An insulated piston-cylinder device initially contains 300 L of air at 120 kPa and 17 oC. Air is now heated for 15 min by a 200-w resistance heater placed inside the cylinder. The pressure of air is maintained constant during this process. Determine the entropy change of air assuming (a) ) constant specific heats and (b) ) variable specific heats.

Answer 1

Answer:

a)  $\Delta S = 0.386 \ \frac{kJ}{K}$

b)  $\Delta S =0.395 \ \frac{kJ}{K}$

Explanation:

a)

Specific heat formula, we have:

$mc(\theta_1-\theta_2)=Wt$

Where

m is mass

c is specific heat capacity of air at specific temp

$\theta$ is the temperature change

W is the power

t is the time

The ideal gas law is:

$PV=nRT$

Where

P is the pressure

V is the volume

n is number of moles

T is temperature

R is the ideal gas constant

First, lets solve for $\theta_2$ in the 1st equation, remembering to use ideal gas law in it to have the variables that are given in the problem.
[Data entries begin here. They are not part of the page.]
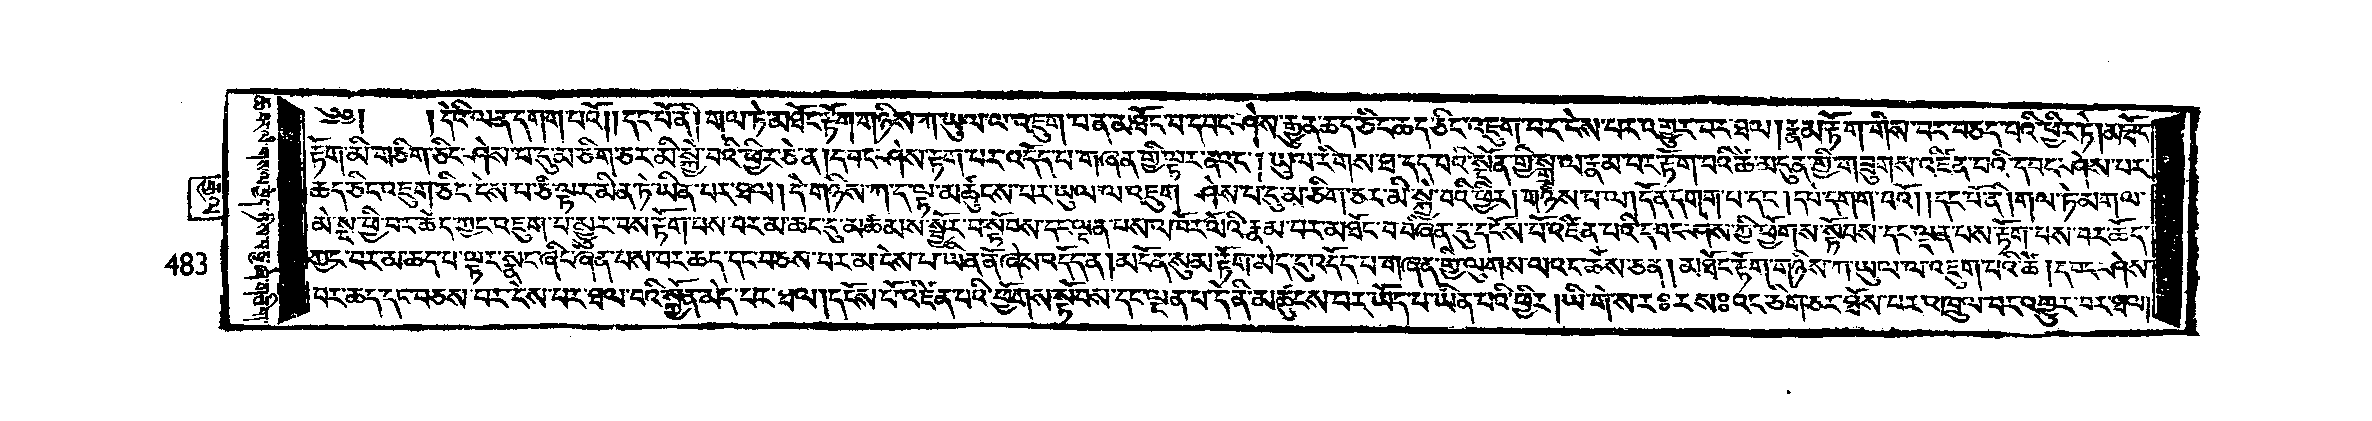༄༅། །དེའི་ལན་དགག་པའོ། །དང་པོ་ནི། གལ་ཏེ་མཐོང་རྟོག་གཉིས་ཀ་ཡུལ་ལ་འཇུག་པ་ན་མཐོང་བ་དབང་ཤེས་རྒྱུན་ཆད་ཅིང་ཆད་ཅིང་འཇུག་པར་ངེས་པར་འགྱུར་བར་ཐལ། རྣམ་རྟོག་གིས་བར་བཅད་པའི་ཕྱིར་ཏེ། མཐོང་
རྟོག་མི་གཅིག་ཅིང་ཤེས་པ་དུ་མ་ཅིག་ཅར་མི་སྐྱེ་བའི་ཕྱིར་ཅེ་ན། དབང་ཤེས་རྟག་པར་འདོད་པ་གཞན་གྱི་ལྟར་ནའང་། ཡུལ་རིགས་ཐ་དད་པའི་སྔོན་གྱི་སྒྲ་ལ་རྣམ་པར་རྟོག་པའི་ཚེ་མདུན་གྱི་གཟུགས་འཛིན་པའི་དབང་ཤེས་པར་
ཆད་ཅིང་འཇུག་ཅིང་ངེས་པ་ཅི་ལྟར་མིན་ཏེ་ཡིན་པར་ཐལ། དེ་གཉིས་ཀ་ད་ལྟ་མཚུངས་པར་ཡུལ་ལ་འཇུག་ཤེས་པ་དུ་མ་ཅིག་ཅར་མི་སྐྱེ་བའི་ཕྱིར། གཉིས་པ་ལ། དོན་དགག་པ་དང་། དཔེ་དགག་པའོ། །དང་པོ་ནི། གལ་ཏེ་མགལ་
མེ་སྔ་ཕྱི་བར་ཆེད་ཀྱང་འཇུག་པ་མྱུར་བས་རྟོག་པས་བར་མ་ཆང་དུ་མཚམས་སྦྱོར་བ་སྟོབས་དང་ལྡན་པས་འཁོར་ལོའི་རྣམ་པར་མཐོང་བ་བཞིན་དུ་དངོས་པོ་འཛིན་པའི་དབང་ཤེས་ཀྱི་ཕྱོགས་སྟོབས་དང་ལྡན་པས་རྟོག་པས་བར་ཆོད་
ཀྱང་བར་མ་ཆད་པ་ལྟར་སྣང་ཞིང་ཞེན་པས་བར་ཆད་དང་བཅས་པར་མ་ངེས་པ་ཡིན་ནོ་ཞས་འདོད་ན། མངོན་སུམ་རྟོག་མེད་དུ་འདོད་པ་གཞན་གྱི་ལུགས་ལའང་ཆོས་ཅན། མཐོང་རྟོག་གཉིས་ཀ་ཡུལ་ལ་འཇུག་པའི་ཚེ། དབང་ཤེས་
བར་ཆད་དང་བཅས་པར་ངེས་པར་ཐལ་བའི་སྐྱོན་མེད་པར་ཐལ། དངོས་པོ་འཛིན་པའི་ཕྱོགས་སྟོབས་དང་ལྡན་པ་དེ་ནི་མཚུངས་པར་ཡོད་པ་ཡིན་པའི་ཕྱིར། ཡི་གེ་ས་རཿ འང་ཅིག་ཅར་ཐོས་པར་འཁྲུལ་བར་འགྱུར་བར་ཐལ།

Shown below:

$mc(\theta_2-\theta_1)=Wt\\mc\theta_2-mc\theta_1=Wt\\mc\theta_2=mc\theta_1 + Wt\\\theta_2=\frac{mc\theta_1 + Wt}{mc}\\\theta_2=\theta_1+\frac{Wt}{mc}\\\theta_2=\theta_1+\frac{WtR\theta_1}{PVc}\\\theta_2=\theta_1(1+\frac{WtR}{PVc})$

Now, we know

Theta_1 is 17 celsius, which in Kelvin is 17 + 270 = 290K

Power is 200

Time is 15 mins = 15 * 60 = 900 seconds

R is 287 J/kg K

P is 120

V is 300 L

Specific heat of air at 290K is about 1005

Substituting we get:

$\theta_2=\theta_1(1+\frac{WtR}{PVc})\\\theta_2=290(1+\frac{200*900*287}{120*300*1005})\\\theta_2=704 \ K$

Now, Entropy Change is:

$\Delta S =mc Ln(\frac{\theta_2}{\theta_1})$

Again using the substitution equations, we have:

$\Delta S = \frac{PV}{R\theta_1}cLn(1+\frac{WRt}{PVc})$

We know what the variables mean, we substitute the respective values, to get:

$\Delta S = 0.386 \ \frac{kJ}{K}$

b)

For variable specific heats, we need entropy value from entropy table:

s_2 = 2.58044

s_1 = 1.66802  [1.05 * 290 K]

The formula is:

$\Delta S = m(s_2-s_1)\\\Delta S = \frac{PV}{R\theta_1}(s_2-s_1)$

Substituting the values, we find the answer:

$\Delta S = \frac{PV}{R\theta_1}(s_2-s_1)\\\Delta S = \frac{120*300}{287*290}(2.58044-1.66802)\\\Delta S =0.395 \ \frac{kJ}{K}$